Gilbert Chesterton hat einmal einen interessanten Hinweis gegeben: Gott schaut sich seit Milliarden von Jahren Sonnenuntergänge an, ohne dass ihm dabei langweilig wird. Das ist ein ebenso großartiges, wie wahres Wort.
Wenn es Gott überhaupt langweilig werden könnte, dann müsste ihm immer schon langweilig sein. Langeweile setzt nämlich immer dann ein, wenn wir etwas ganz und gar kennen, wenn nichts Neues mehr entdeckt werden kann; wenn sich nichts abwechselt. Somit müsste also Gott, dem alles bekannt und nichts unbekannt ist, eigentlich der große Gelangweilte sein. Gott weiß, wie alles aussieht. Er weiß, wie alles war, wie alles wurde und wie alles sein wird. Eigentlich müsste er immer gähnen und wie der einsame König auf seinem Planeten, immer irgendwie auf seinen Hofnarren warten, der ihm Abwechslung verschafft.

Kreuzzeichen
Irgendwie können wir aber gar nicht denken, dass Gott langweilig ist und die Lösung scheint in der Liebe zu liegen. Menschen können uns langweilig sein, nicht aber, wenn wir sie lieben. Wann ist einer Mutter ihr Kind je langweilig geworden? Kinder können langweilig gekleidet sein, aber niemals langweilig werden. Was immer wir lieben, das schauen wir mit Entzücken an; eben so lange wir es lieben.

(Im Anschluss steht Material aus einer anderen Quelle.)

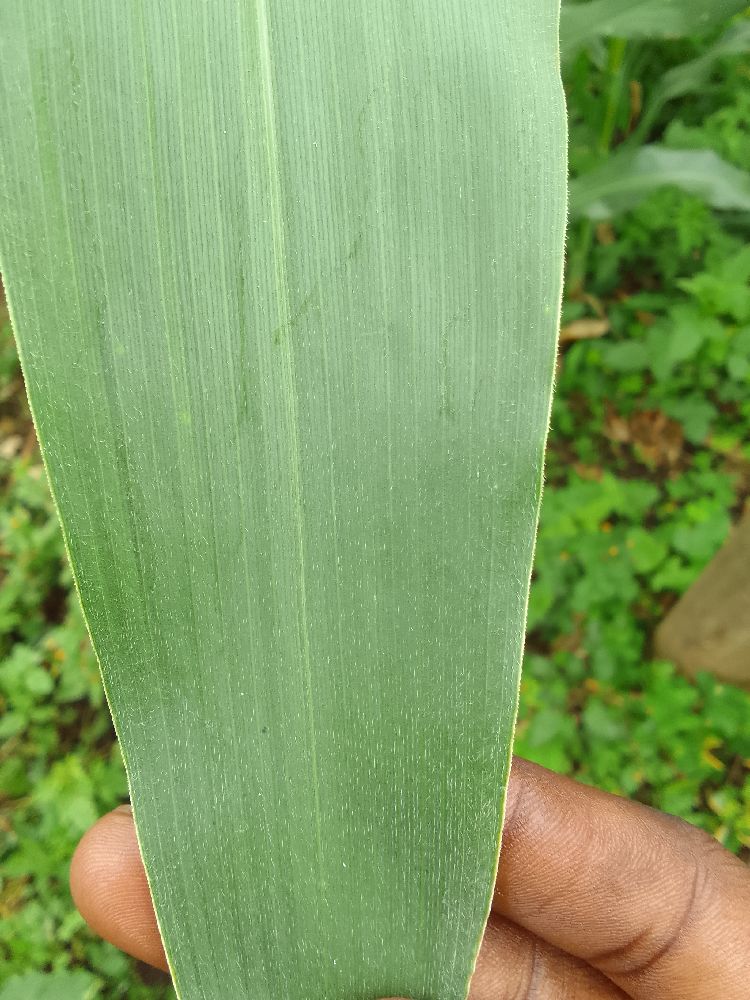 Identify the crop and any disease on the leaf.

maize, healthy
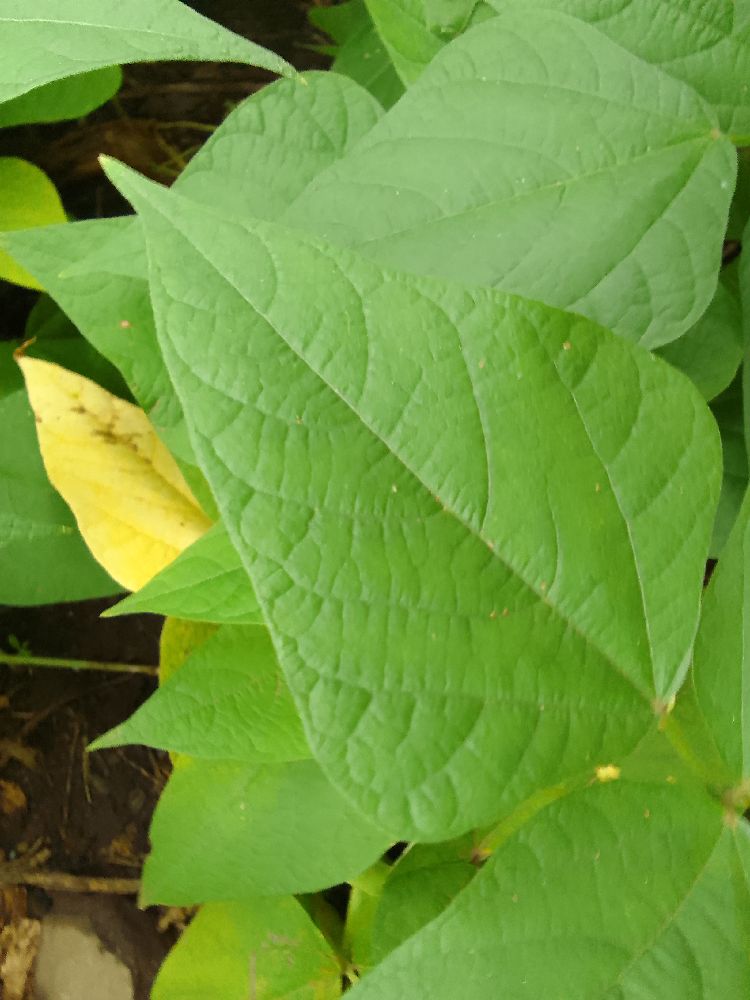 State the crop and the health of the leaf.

common bean, healthy
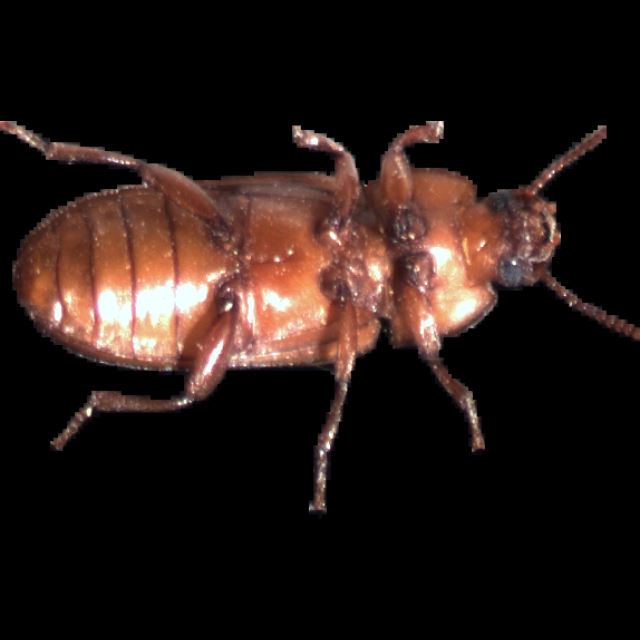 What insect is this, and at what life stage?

mealworm beetle
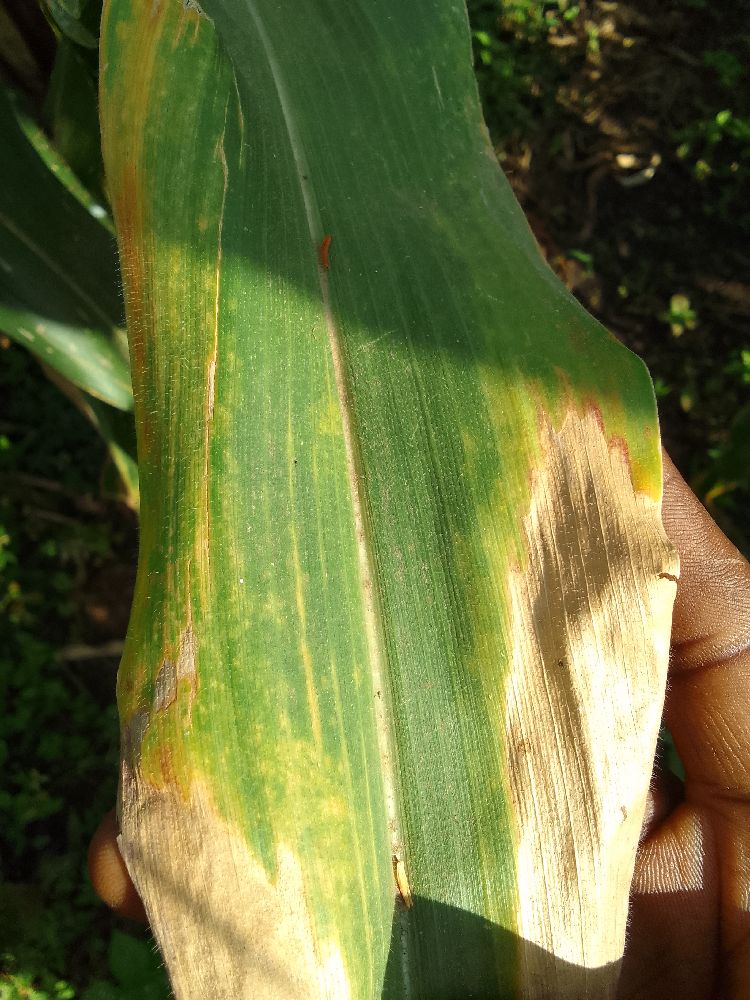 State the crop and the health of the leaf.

So ist es auch mit dem Gebet. Lieben wir es, wird es nicht langweilig. Das Vaterunser ist immer dasselbe. Wer es zu beten versteht und lieben gelernt hat, dem wir nicht langweilig dabei. Der Rosenkranz, das große Gebet der Wiederholung ist für die, die ihn zu beten verstehen, täglich das größte Vergnügen.
Die Gebete der Psalmen sind seit Jahrtausenden genau die gleichen. Immer wurden Bücher des Entzückens über sie verfasst und durch alle Zeiten gibt es Beter, die ganz und gar aus ihnen leben.
Die Gebete des sogenannten Stundengebetes sind immer die selben, auch wenn sie im Vier- oder Zweiwochentakt variieren. Ebenso ist es mit den Gebeten, die wir in der vita füreinander sprechen. Wer sie liebt, der betet sie gern.
Wenn wir aber noch etwas genauer hinsehen, ist es aber gar nicht das Gebet als solches, was wir lieben, sondern der, den wir mit dem Gebet anbeten. Man liebt doch eher den Beschenkten, als das Geschenk, das wir ihm geben, oder?
Das erste Gebot Jesu lautet, Gott zu lieben. Wer also Gott von Herzen liebt, dem wird das tägliche Beten zum Abenteuer. Es führt nämlich dahin, Gott in seinem Glauben an ihn, immer besser kennen zu lernen.